To: GreatOne
There was no ambiguity to his statement. Everyone at Strom's party with any brains thought long and hard how to phrase their praise.
"States' Rights" was 95% about segregation. Dewey's platform - I was amazed to read - was reasonably conservative without being segregationist, so there was a good Truman alternative already out there. If the Dixiecraps had *really* just wanted limited government, they would have bolted to the Republicans, even in 1948.
Strom winning in '48 would have been an unmitigated evil, giving a national mandate for Jim Crow (and I say this, like almost all South Carolinians, as a lover of the post-60s Strom). Only a complete political idiot or closet racist would dream otherwise. I'll give Trent the benefit of the doubt: he's an idiot.
To: NarniaSC
Strom winning in '48 would have been an unmitigated evil, giving a national mandate for Jim Crow (and I say this, like almost all South Carolinians, as a lover of the post-60s Strom). Only a complete political idiot or closet racist would dream otherwise. I'll give Trent the benefit of the doubt: he's an idiot. Agree 100%, particularly that Lott is an idiot.
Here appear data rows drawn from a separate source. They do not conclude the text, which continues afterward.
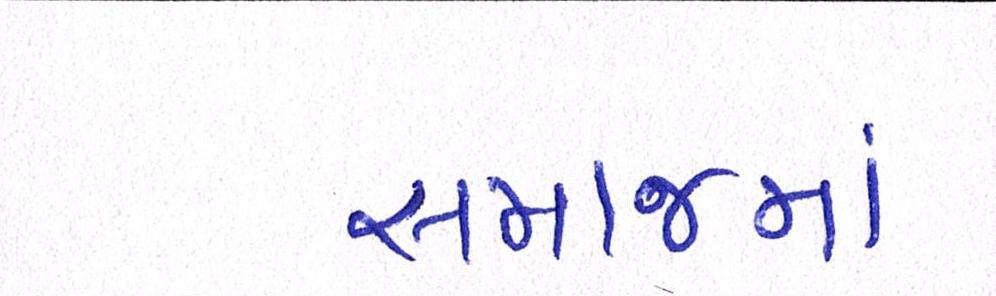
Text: સમાજમાં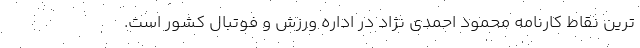
ترین نقاط کارنامه محمود احمدی نژاد در اداره ورزش و فوتبال کشور است.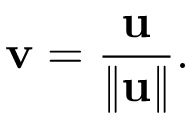
\mathbf { v } = { \frac { \mathbf { u } } { \| \mathbf { u } \| } } .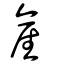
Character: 產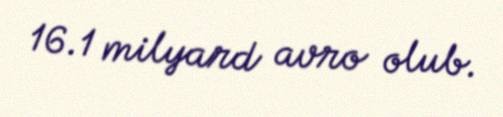
16.1 milyard avro olub.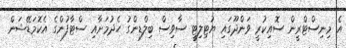
އެ މިނިސްޓްރީން ސޮއިކުރީ ވަންދޫގައި ޔުޓިލިޓީ ސާވިސް ބިލްޑިންގު ހެދުމަށާއި ސްޓާފުންގެ އެކޮމަޑޭޝަން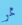
ممر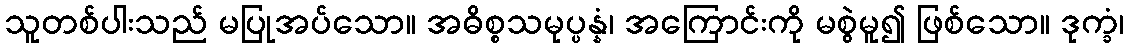
သူတစ်ပါးသည် မပြုအပ်သော။ အဓိစ္စသမုပ္ပန္နံ၊ အကြောင်းကို မစွဲမူ၍ ဖြစ်သော။ ဒုက္ခံ၊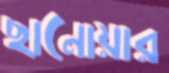
ছানোয়ার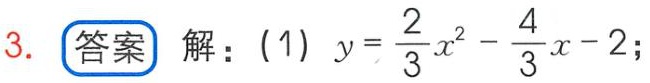
解：(1) \(y = \frac{2}{3}x^{2}-\frac{4}{3}x - 2\);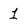
Character: 1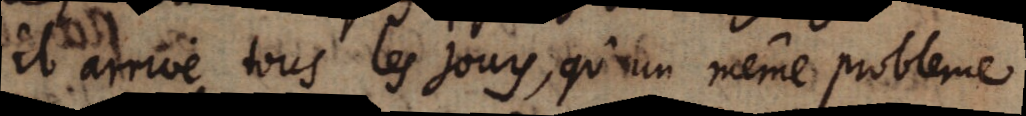
il arnve tous les jouy, qu’un même probleme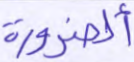
ألضرورة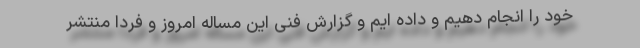
خود را انجام دهیم و داده ایم و گزارش فنی این مساله امروز و فردا منتشر

He definitely should have qualified what he meant by "State's Rights". Abiding by that is not the same like saying, "Nazism was good, except for the killing of the Jew." There, the whole ideology was severely flawed. State's Rights, which is simply the following of the 10th Amendment, is a perfectly good thing to believe in, but can have an evil impact if taken to an extreme. The 14th Amendment trumped the 10th regarding segregation Jim Crow, anyway, so Strom's use of State's Rights as an excuse was a bastardized interpretation.